Low magnification photomicrographs of Iba1-labeled microglial cells in longitudinal sections of the parietal cortex (a) and CA1 hippocampus (b) of six young rats (with 30- to 35-days of life) suckled in litters with 9 and 15 pups, resulting in two distinct lactation conditions (respectively, L 9 and L 15 groups). Gln250 and Gln500 are rats treated per gavage with l-glutamine at the doses of 250 and 500 mg/kg/day, respectively.

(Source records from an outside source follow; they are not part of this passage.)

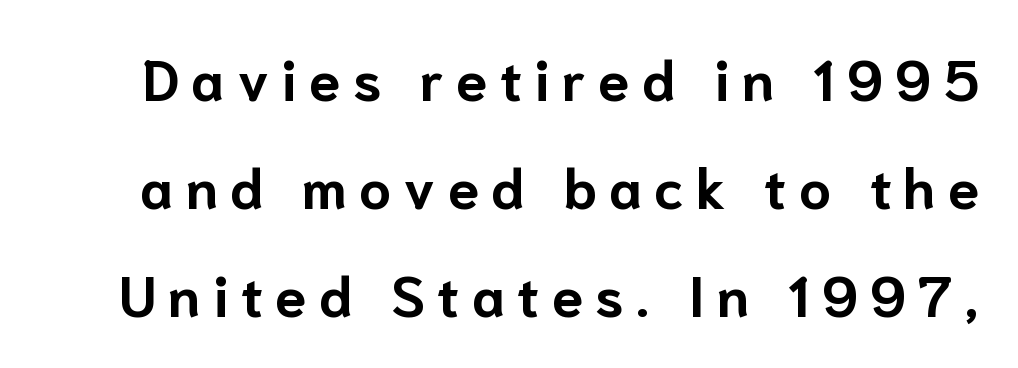
Q: Is the text bold? A: Yes.
Q: Is the text italic (slanted)? A: No, it is upright.
Q: Is the typeface a serif or a sans-serif typeface? A: Sans-serif.
Q: Is the text underlined? A: No.
Q: Is the spacing between letters normal or unusually wide? A: Unusually wide.
Q: Is the spacing between lines tight, normal or loose? A: Loose.
Q: Width (condensed, normal, or wide)? A: Normal.
Q: Stroke contrast? A: Low.
Q: x-height? A: Medium.
Q: Monospaced? A: No.

Scale bars 20 µm. The bar graphics show immunoreactivity expressed as arbitrary units and the percent area occupied by the Iba1-labeled cells of slices of the parietal cortex (c) and CA1 hippocampus (d) of vehicle control (n = 6; 3 L 9 and 3 L 15), Gln250 (n = 8; 4 L 9 and 4 L 15) and Gln500 rats (n = 8; 4 L 9 and 4 L 15). Data are expressed as mean ± SD. Asterisk p < 0.05 compared with L 9 condition. Plus sign p < 0.05 compared with vehicle control. Double plus sign p < 0.05 compared with the other two groups (ANOVA plus Holm–Sidak test)
Discussion
In this study, we confirmed our previous results (Lima et al. 2009), which indicated that treatment with Gln during the critical period of the nervous system development accelerates CSD, regardless of the lactation conditions. Furthermore, we could show, for the first time, changes in anxiety-like behavior and microglial immunoreactivity as a consequence of early treatment with Gln. In some instances, the Gln effects were significantly dose-dependent, and in other instances a non-significant dose-dependent tendency was observed.

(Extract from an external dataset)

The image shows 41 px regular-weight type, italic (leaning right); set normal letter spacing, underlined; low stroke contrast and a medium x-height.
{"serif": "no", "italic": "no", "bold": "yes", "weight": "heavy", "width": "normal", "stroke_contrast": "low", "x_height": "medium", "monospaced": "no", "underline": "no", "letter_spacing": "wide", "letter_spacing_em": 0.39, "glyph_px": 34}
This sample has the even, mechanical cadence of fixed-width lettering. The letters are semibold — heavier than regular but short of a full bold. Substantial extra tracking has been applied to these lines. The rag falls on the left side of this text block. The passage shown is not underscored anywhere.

Body weights were lower in the L 15 groups compared with the corresponding L 9 groups, confirming the effectiveness of increasing litter size in producing undernutrition, as previously indicated (Francisco and Guedes 2015; Rocha-de-Melo et al. 2006). In animal models, malnutrition during the critical period of brain development leads to a reduction in the number and/or size of brain cells, in myelin production and in the number of synapses, and changes in neurotransmitter systems (Morgane et al. 2002). Although some effects of malnutrition on the structure and brain metabolism are reversed by nutritional rehabilitation, other effects are not and continue with subsequent electrophysiological, behavioral, and cognitive changes (Levitsky and Strupp 1995; Penido et al. 2012). The treatment with Gln did not alter the animals’ body weight (Fig. 1). This is in line with previous reports on Gln treatment per gavage (Lima et al. 2009) and via subcutaneous injection (Ladd et al. 2010).

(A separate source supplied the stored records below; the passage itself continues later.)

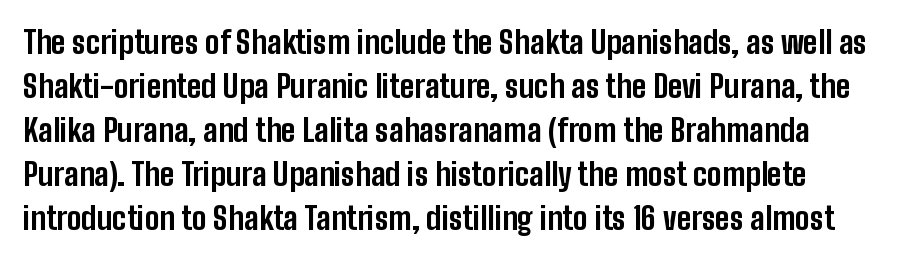
The image shows 31 px bold, condensed sans-serif type, upright; set normal line spacing (1.42x), normal letter spacing, not underlined; low stroke contrast and a medium x-height.
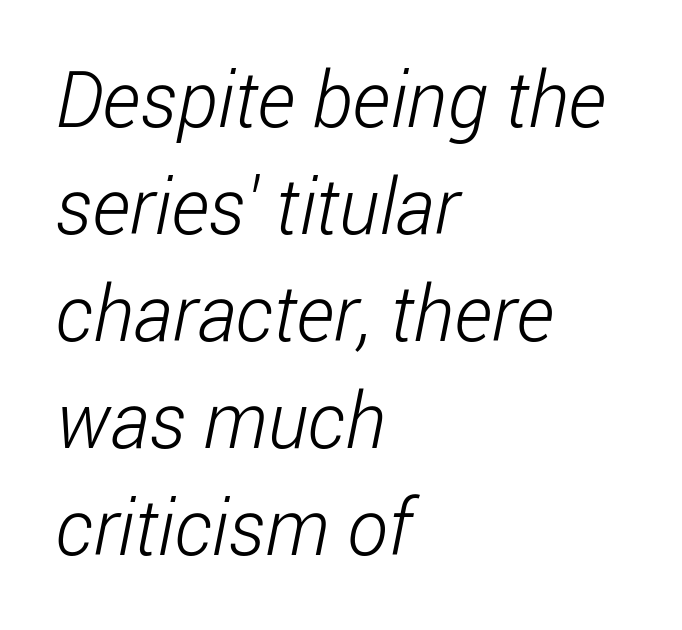
Is there much room between lines? A standard amount, neither cramped nor airy. Look at the tracking — it's just the regular setting, nothing added. Letterform terminals end flat and unadorned throughout the passage. These lines are set flush left with a ragged right edge. Quick note: underline off. This sample has the flowing, uneven cadence of proportional lettering.
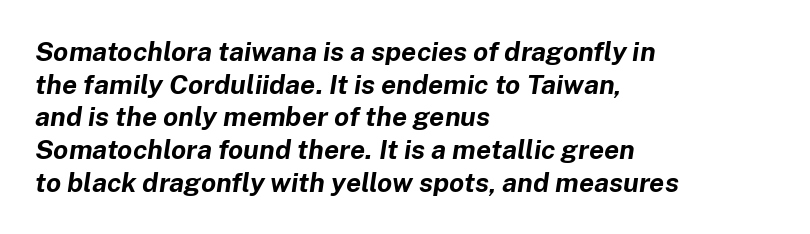
This rendering leaves character spacing at its baseline value. Looking at the ascenders, they clearly lean. Left-aligned paragraph, ragged on the right. Students, this is bold: see how much ink each stroke carries. Each row of text sits above clean, open space.

Our results of anxiety tests reveal a less anxious behavior in the L 15, but not L 9 groups treated with Gln as indicated by the longer permanence in the open arms in the elevated plus maze, and by a higher number of entries and more time spent in the central zone in the open field apparatus (Fig. 2). This lower anxiety-like behavior is in line with previous data on animals that were suckled in large litters (Clarke et al. 2013; Bulfin et al. 2011). In the L 9 groups, there was a non-significant tendency for an anxiolytic effect of Gln for all evaluated parameters, except for the time spent in the open arms of the Gln750 group. It is possible that Gln acts at the central nervous system as an anti-anxiety agent by acting as precursor of GABA. Previous studies have already demonstrated an increased GABA level in the brain of rats treated with Gln per gavage (Wang et al. 2007) or subcutaneously (Ladd et al. 2010). This finding could explain the Gln anxiolytic properties described here. An alternative interpretation of the behavioral data could include Gln-induced enhancement of locomotion, as suggested in humans (McCormack et al. 2015), and also as observed after taurine administration in rats (Francisco and Guedes 2015).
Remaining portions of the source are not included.